Omit all pictures, then print the entries exactly.

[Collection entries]
※

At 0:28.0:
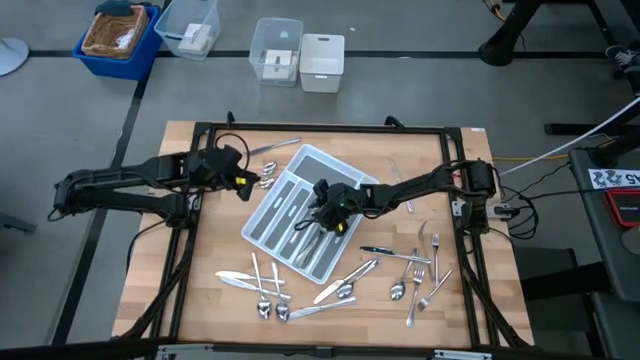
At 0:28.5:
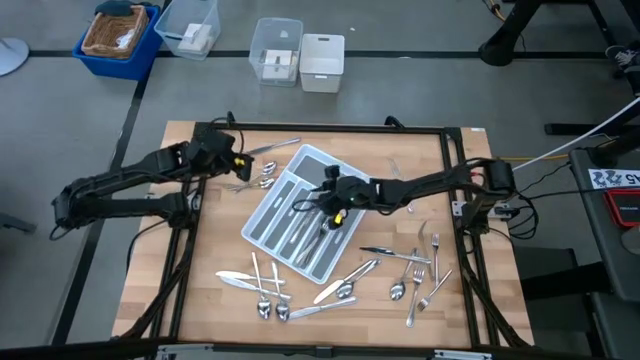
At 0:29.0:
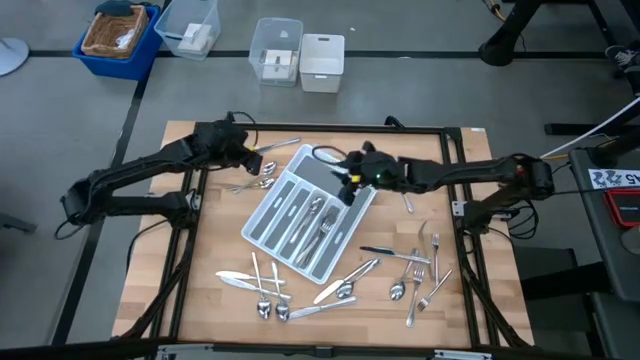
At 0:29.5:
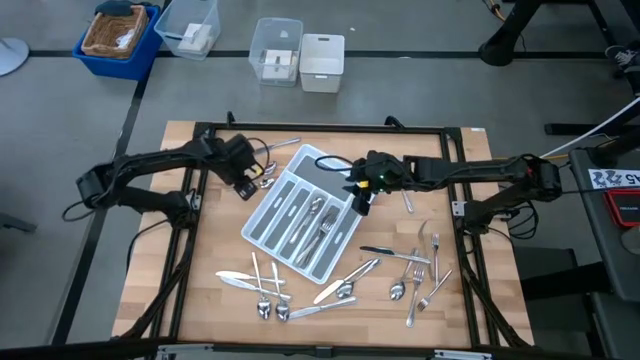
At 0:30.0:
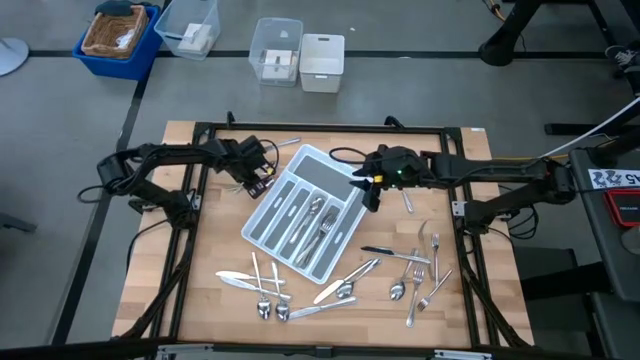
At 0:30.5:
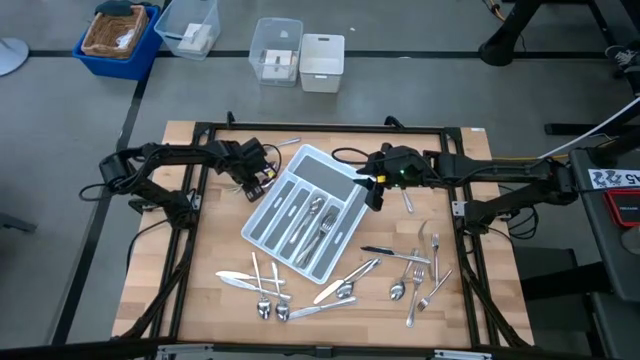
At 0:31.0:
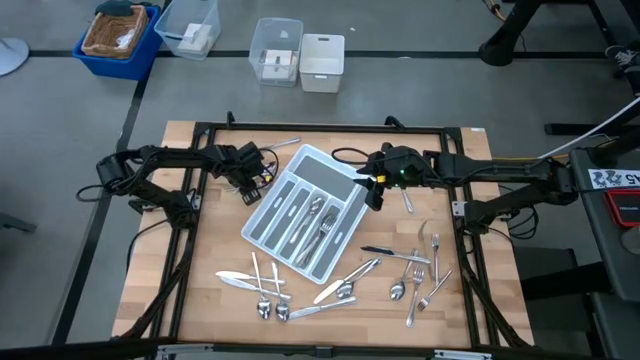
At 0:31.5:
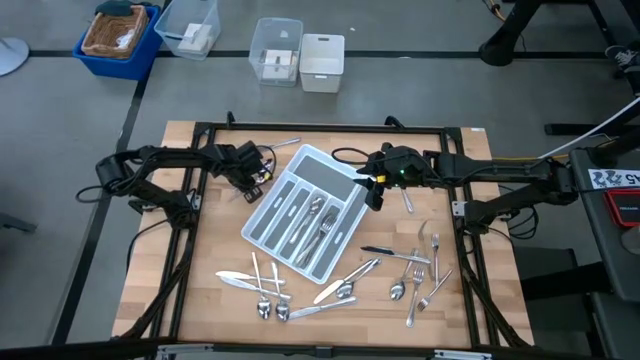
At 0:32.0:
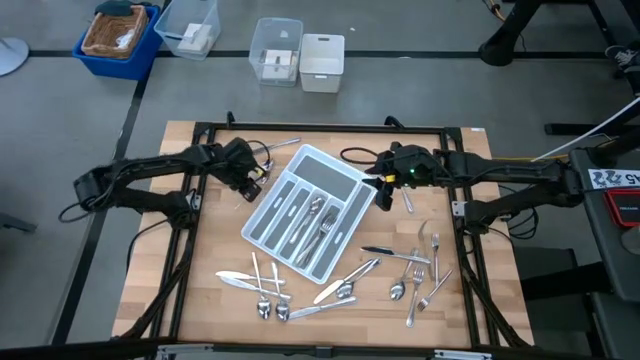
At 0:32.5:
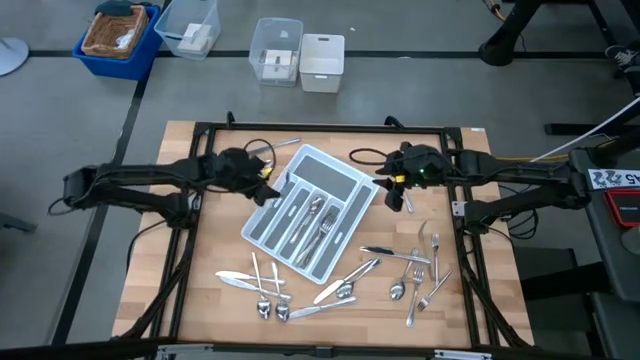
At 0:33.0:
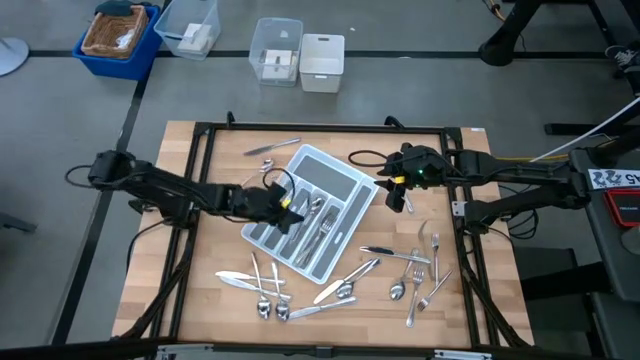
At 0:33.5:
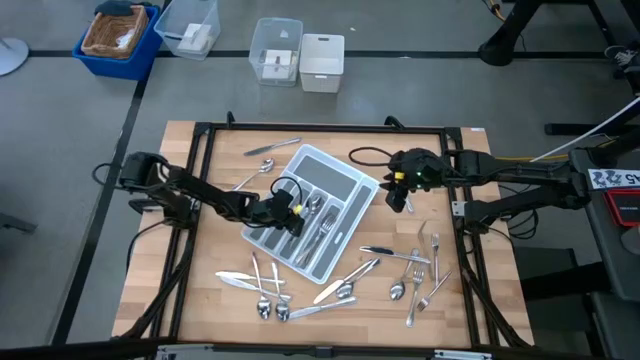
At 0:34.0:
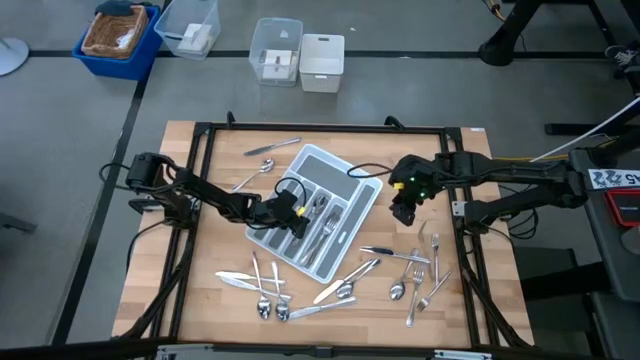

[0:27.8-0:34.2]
Task: Sort silverware
Put the silver spoon into the white cutlery tray

※

* **Task output**:
At 0:28.0:
At 0:28.5:
At 0:29.0:
At 0:29.5:
At 0:30.0:
At 0:30.5:
At 0:31.0:
At 0:31.5:
At 0:32.0:
At 0:32.5:
At 0:33.0:
At 0:33.5:
At 0:34.0:

[0:27.8-0:34.2]
Task: Sort silverware
Put the silver spoon into the white cutlery tray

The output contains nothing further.